The honest piece of advice the theorem gives you, applied to a life, is this. Keep generating the contradictory evidence. Notice that the prior feels unmoved. Notice that you cannot, from the inside, distinguish a prior that is about to collapse from a prior that will never collapse. Trust the mathematics, which says, on impeccable nineteenth-century-clergyman authority, that if the evidence is real, the collapse is happening. The collapse is just not, in the early stages, visible. The visibility comes late, and arrives all at once.
A small exercise
Name your strongest prior.
Identify one belief about yourself that you have held for a very long time, that was installed by someone other than you, and that you can almost certainly trace to a specific authority figure from your childhood.
I am the kind of person who is not going anywhere. I am too much. I am not enough. I am the difficult one. I am the responsible one. I am the one who handles it. I am the one nobody listens to. I am the one who will end up alone.
Write the prior down, in its plainest form. Then ask, with the calm of a statistician examining a model, the following two questions. Who installed this prior? What evidence have I, in the years since, accumulated against it?
You do not have to resolve anything tonight.
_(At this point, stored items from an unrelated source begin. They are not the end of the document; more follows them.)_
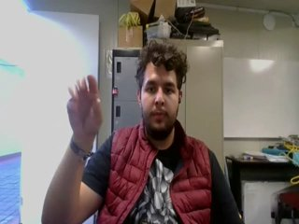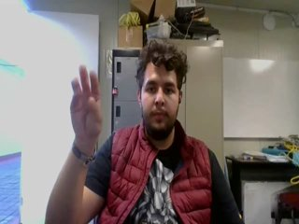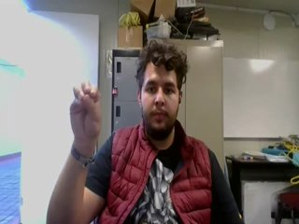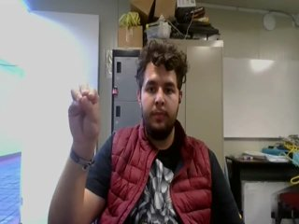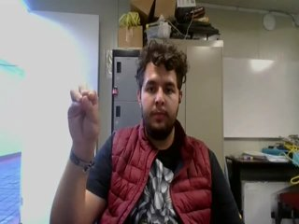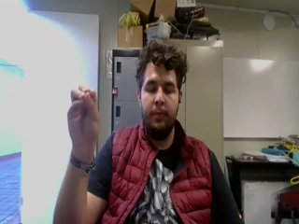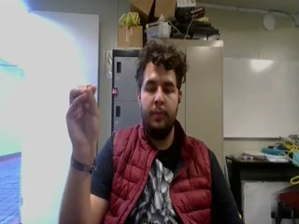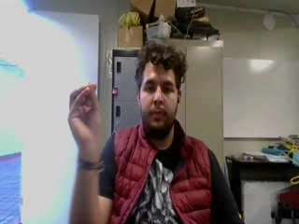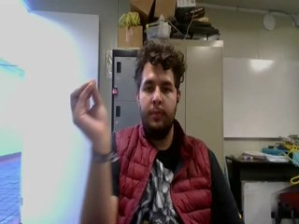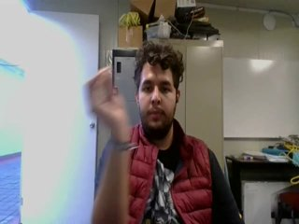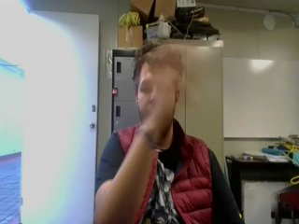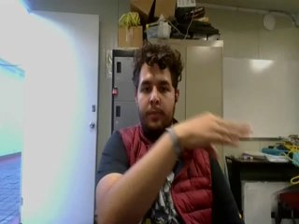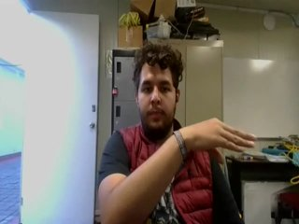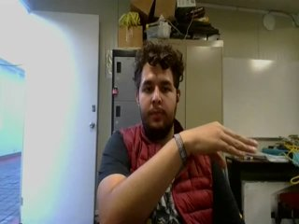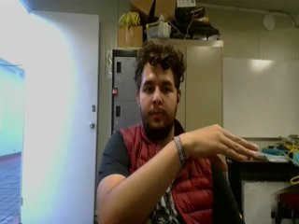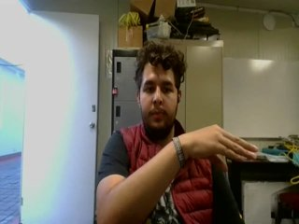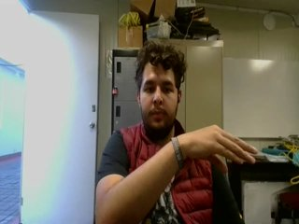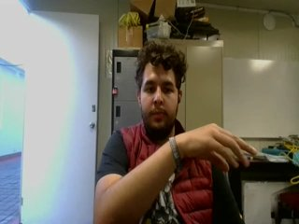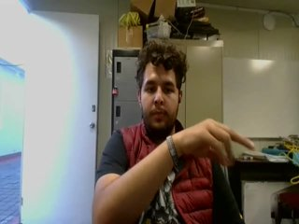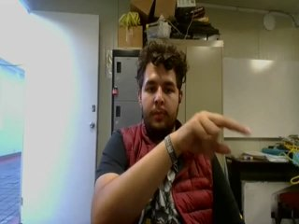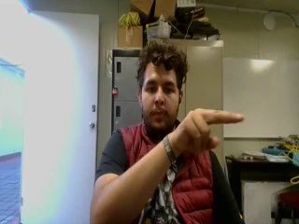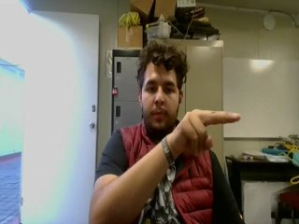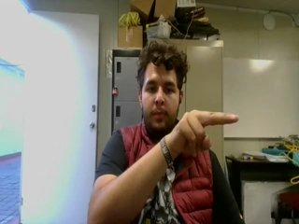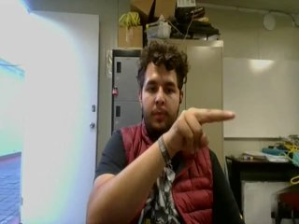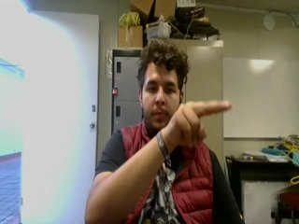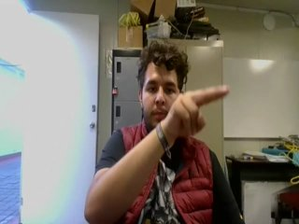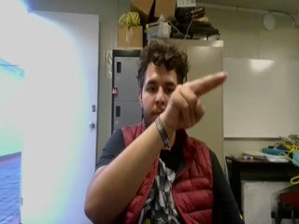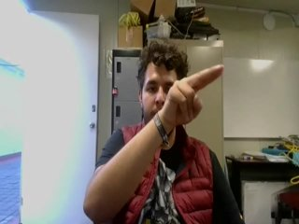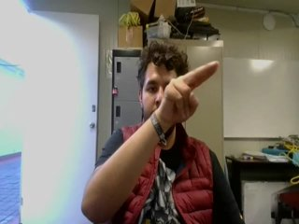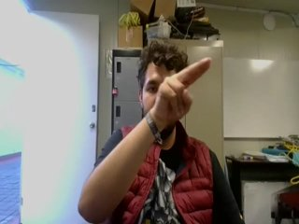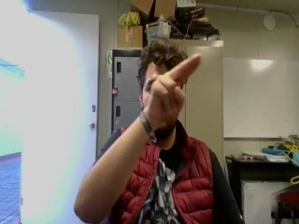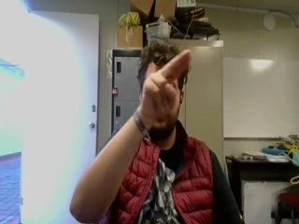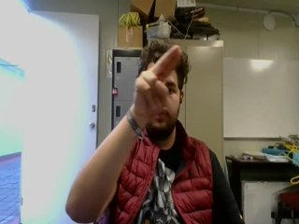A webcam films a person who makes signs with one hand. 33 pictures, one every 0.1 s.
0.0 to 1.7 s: On the screen the hand sweeps to the right. The name of the sign: Throw left.
1.8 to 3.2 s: Pointing with two fingers.
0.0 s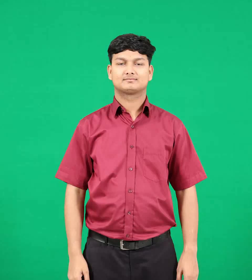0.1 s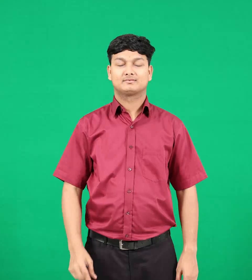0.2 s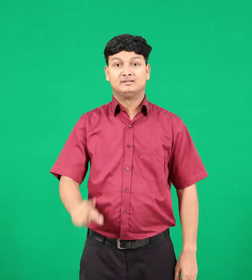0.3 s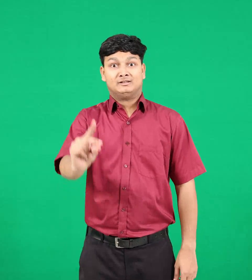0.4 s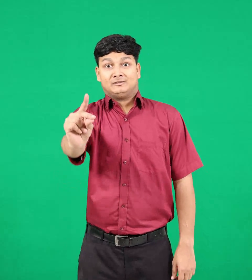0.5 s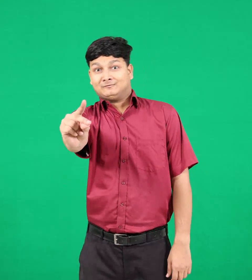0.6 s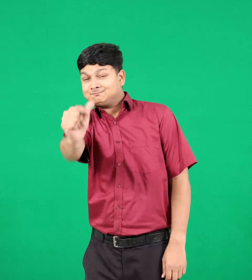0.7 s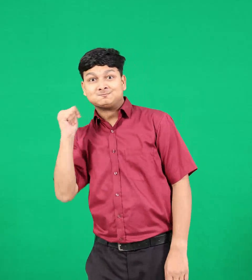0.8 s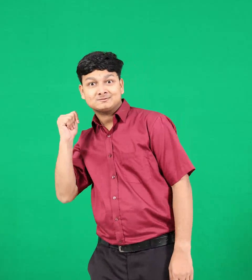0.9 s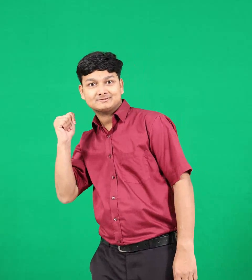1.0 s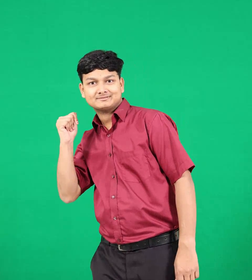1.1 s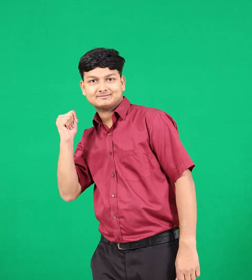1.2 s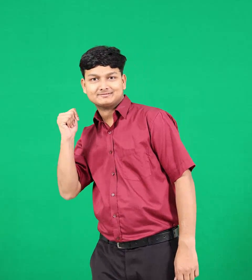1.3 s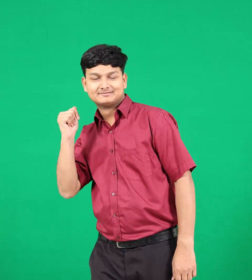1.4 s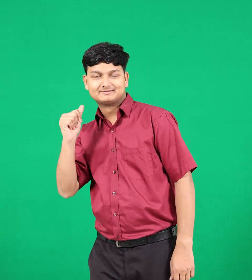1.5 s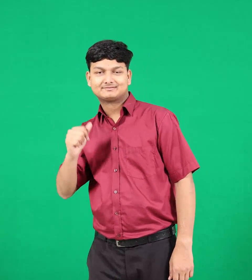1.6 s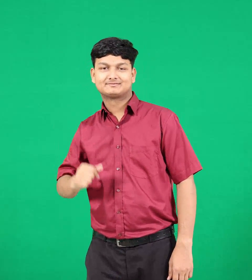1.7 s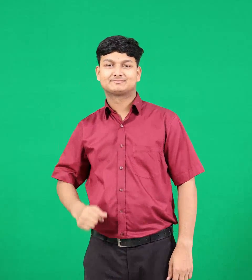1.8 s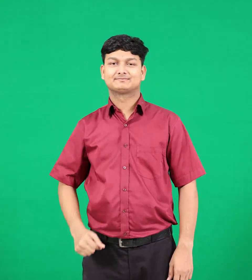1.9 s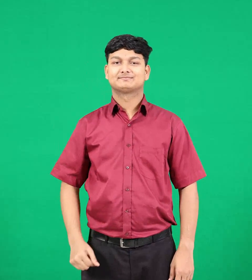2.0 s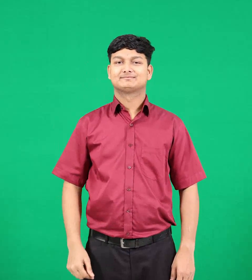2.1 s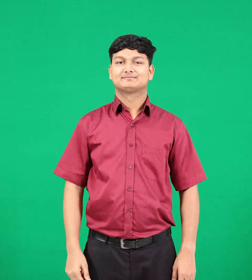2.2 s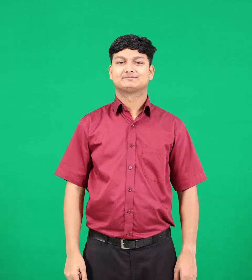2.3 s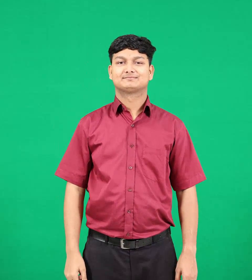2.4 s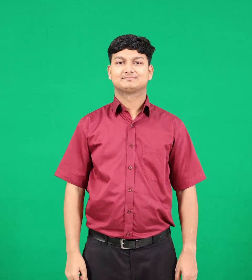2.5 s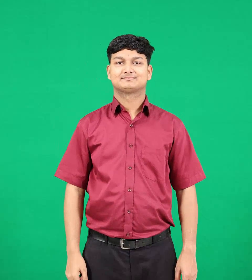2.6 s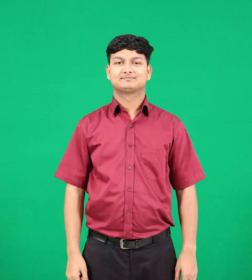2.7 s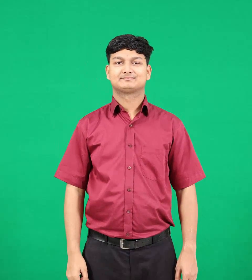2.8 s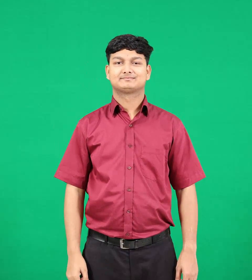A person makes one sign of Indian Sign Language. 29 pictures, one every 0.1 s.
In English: fastest

You only have to notice that the prior was installed by someone, that it was installed at very high confidence at a time when you had no power to question it, and that the evidence you have generated against it since is, in the dispassionate language of the theorem, real. The theorem is doing its work. The collapse is mathematically guaranteed, if the evidence is real and you continue to produce it. The collapse is just, on most days, invisible.
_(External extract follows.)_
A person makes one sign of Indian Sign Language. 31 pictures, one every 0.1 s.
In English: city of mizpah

Chapter 9 takes the next step, which is to ask why your worst days are not, in any statistical sense, prophecies. The chapter is about regression to the mean, which is the most underrated piece of mathematics any anxious mind can learn, and which is also the chapter where I finally explain, with a graph, why the small forty-eight hour windows of catastrophe you have been treating as previews of your real life are, in fact, fluctuations in a noisy distribution that is, on the whole, much kinder than the windows suggest.
For now, the page closes here. The theorem is patient. The prior is real. The evidence you have been generating is also real. The collapse is, somewhere in the unseen part of you, already underway.